▶ [What the task asks] Leave out the pictures, and retype the remaining data exactly.

▶ [Listed entries]
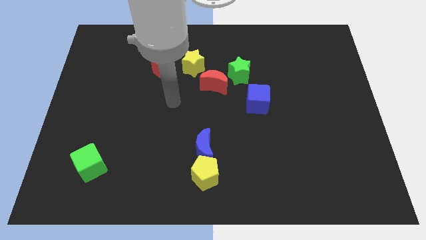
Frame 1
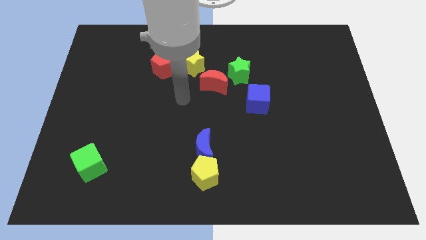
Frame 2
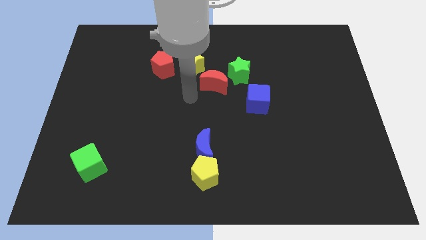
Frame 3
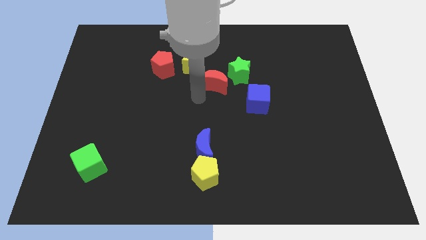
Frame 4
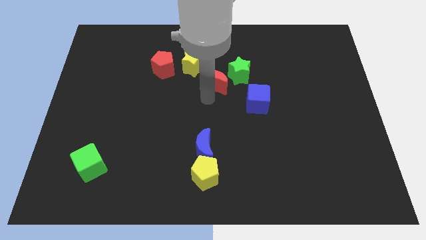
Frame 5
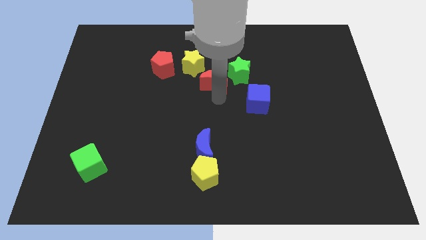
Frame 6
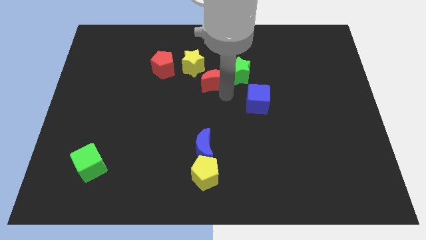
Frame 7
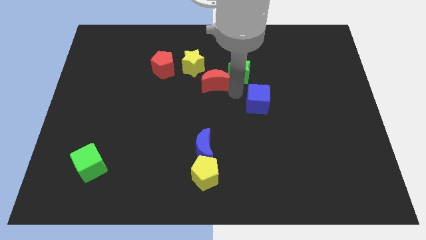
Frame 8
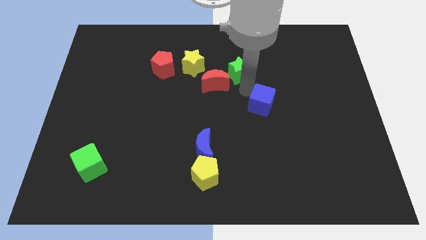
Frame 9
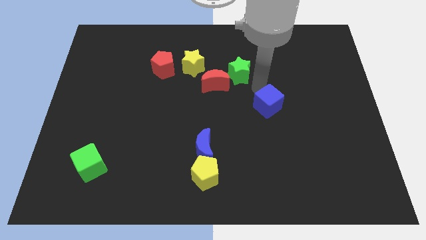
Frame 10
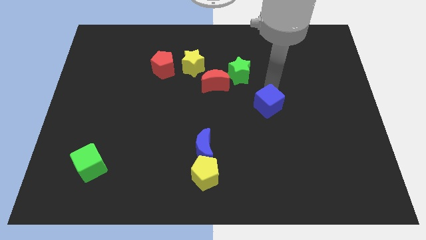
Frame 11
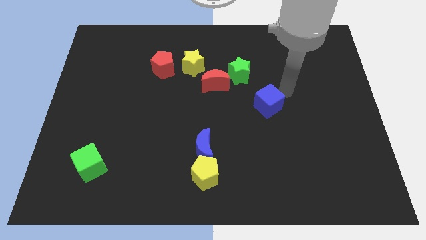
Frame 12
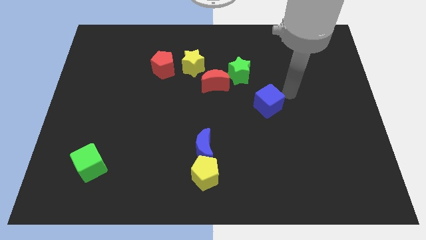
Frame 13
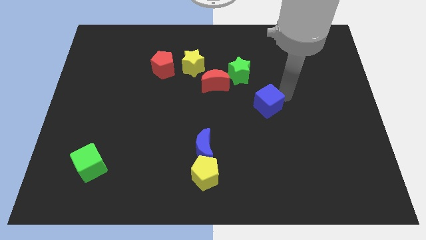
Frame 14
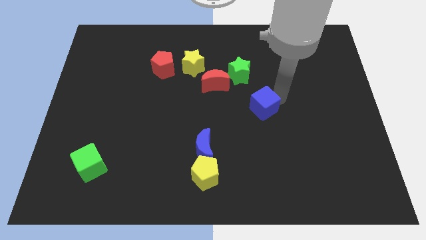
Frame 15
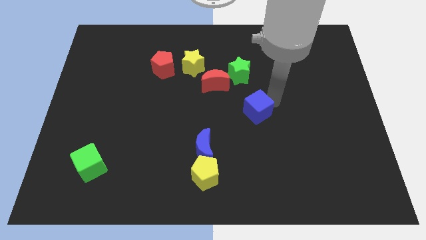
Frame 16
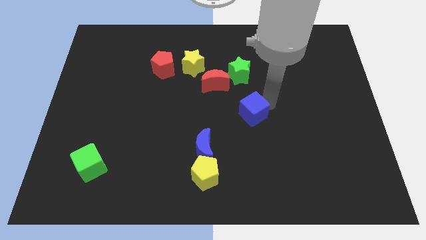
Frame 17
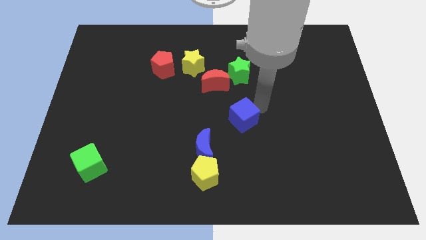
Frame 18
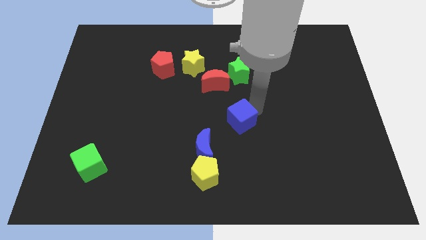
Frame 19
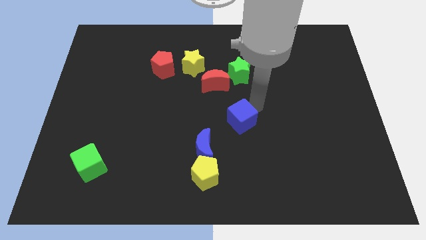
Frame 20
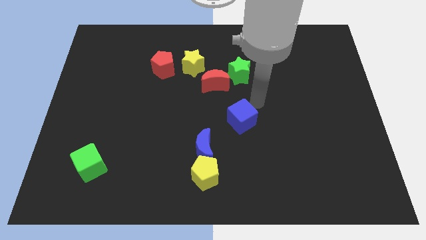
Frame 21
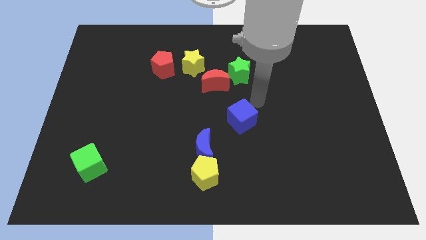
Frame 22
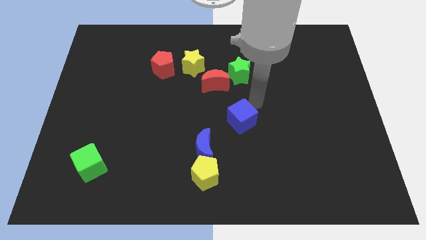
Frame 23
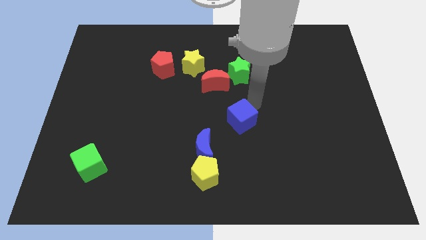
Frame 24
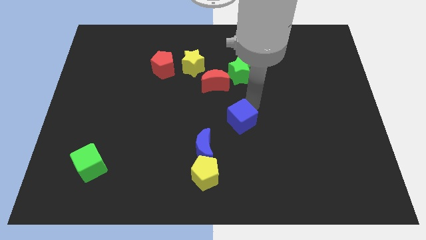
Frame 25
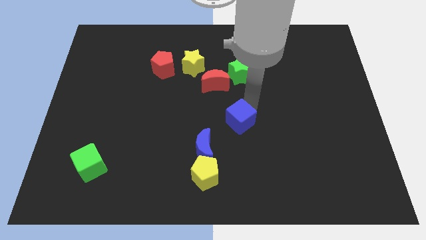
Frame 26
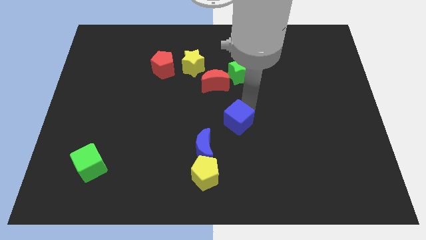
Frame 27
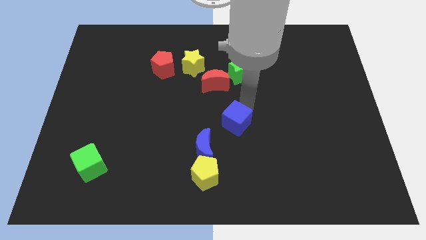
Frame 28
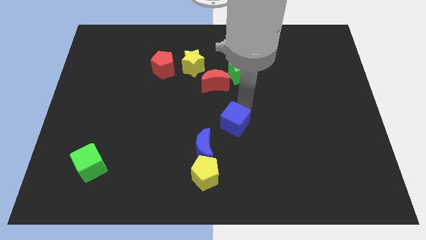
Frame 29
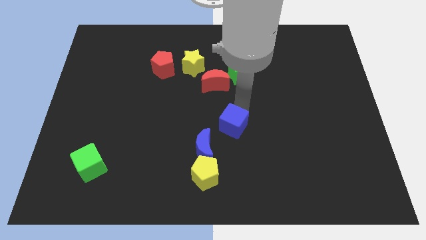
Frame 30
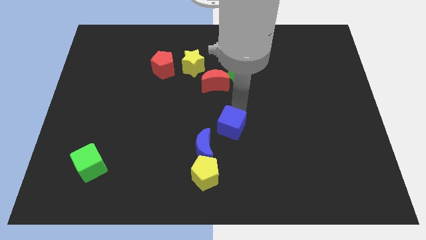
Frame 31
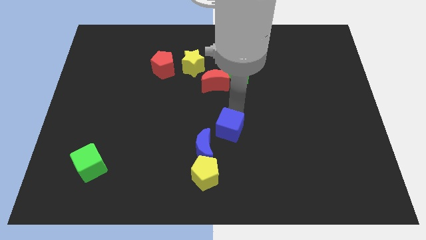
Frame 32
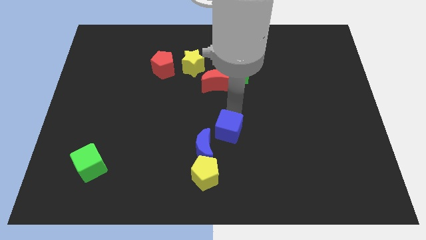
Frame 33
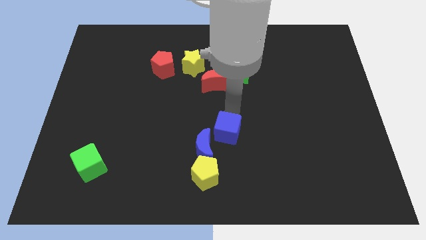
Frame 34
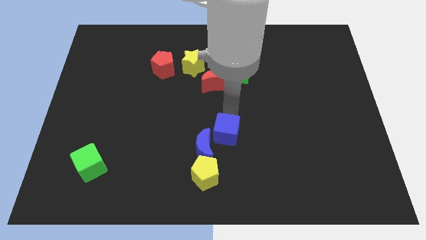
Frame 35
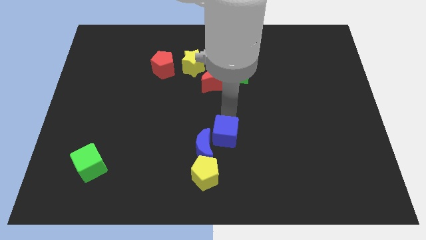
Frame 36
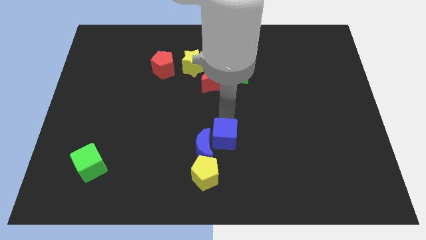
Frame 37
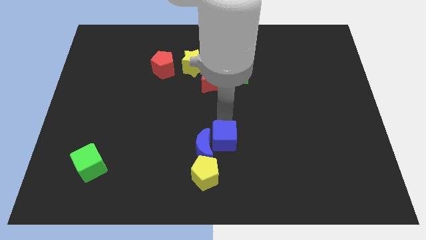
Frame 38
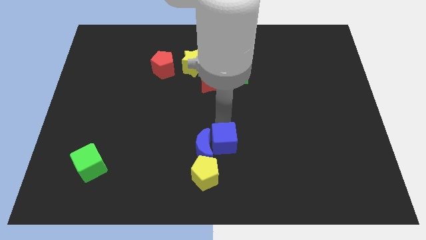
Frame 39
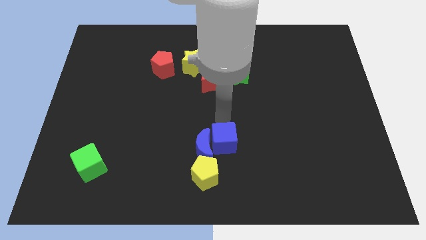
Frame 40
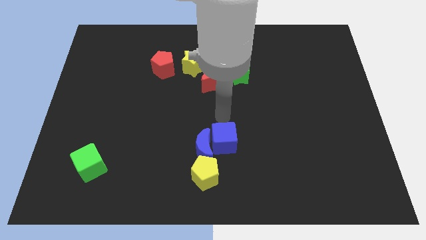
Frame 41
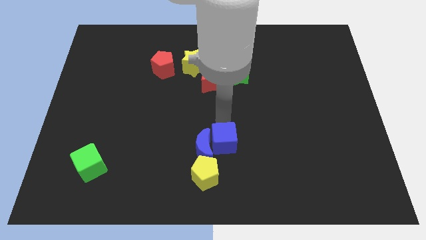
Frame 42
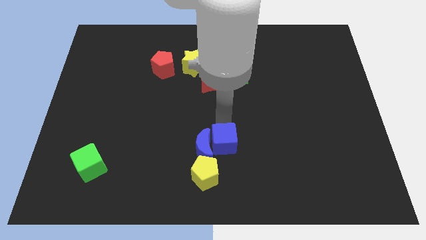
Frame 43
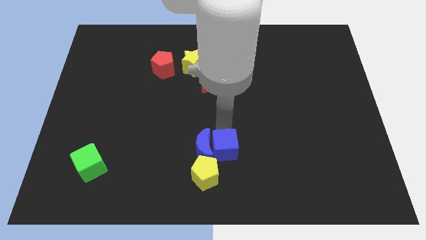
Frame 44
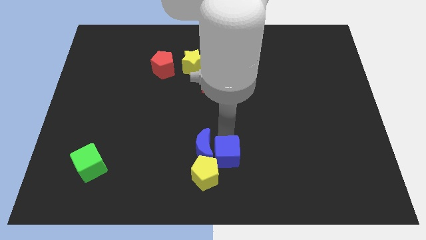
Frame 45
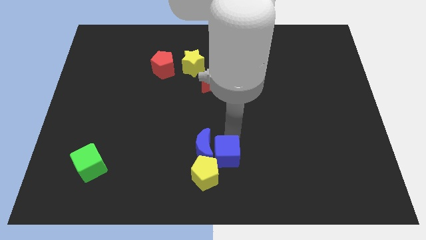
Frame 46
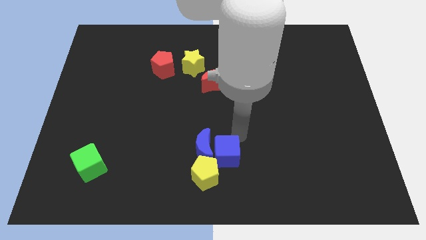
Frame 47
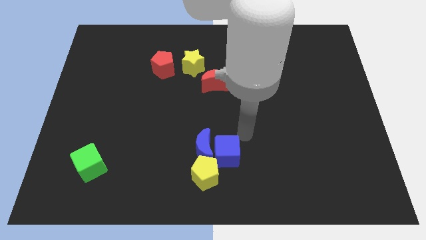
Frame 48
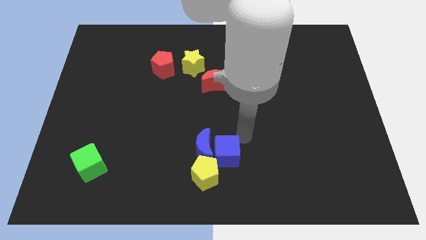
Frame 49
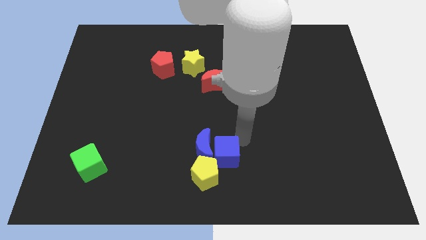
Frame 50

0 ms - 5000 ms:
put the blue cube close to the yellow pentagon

▶ [Answer to this exercise]
Frame 1
Frame 2
Frame 3
Frame 4
Frame 5
Frame 6
Frame 7
Frame 8
Frame 9
Frame 10
Frame 11
Frame 12
Frame 13
Frame 14
Frame 15
Frame 16
Frame 17
Frame 18
Frame 19
Frame 20
Frame 21
Frame 22
Frame 23
Frame 24
Frame 25
Frame 26
Frame 27
Frame 28
Frame 29
Frame 30
Frame 31
Frame 32
Frame 33
Frame 34
Frame 35
Frame 36
Frame 37
Frame 38
Frame 39
Frame 40
Frame 41
Frame 42
Frame 43
Frame 44
Frame 45
Frame 46
Frame 47
Frame 48
Frame 49
Frame 50

0 ms - 5000 ms:
put the blue cube close to the yellow pentagon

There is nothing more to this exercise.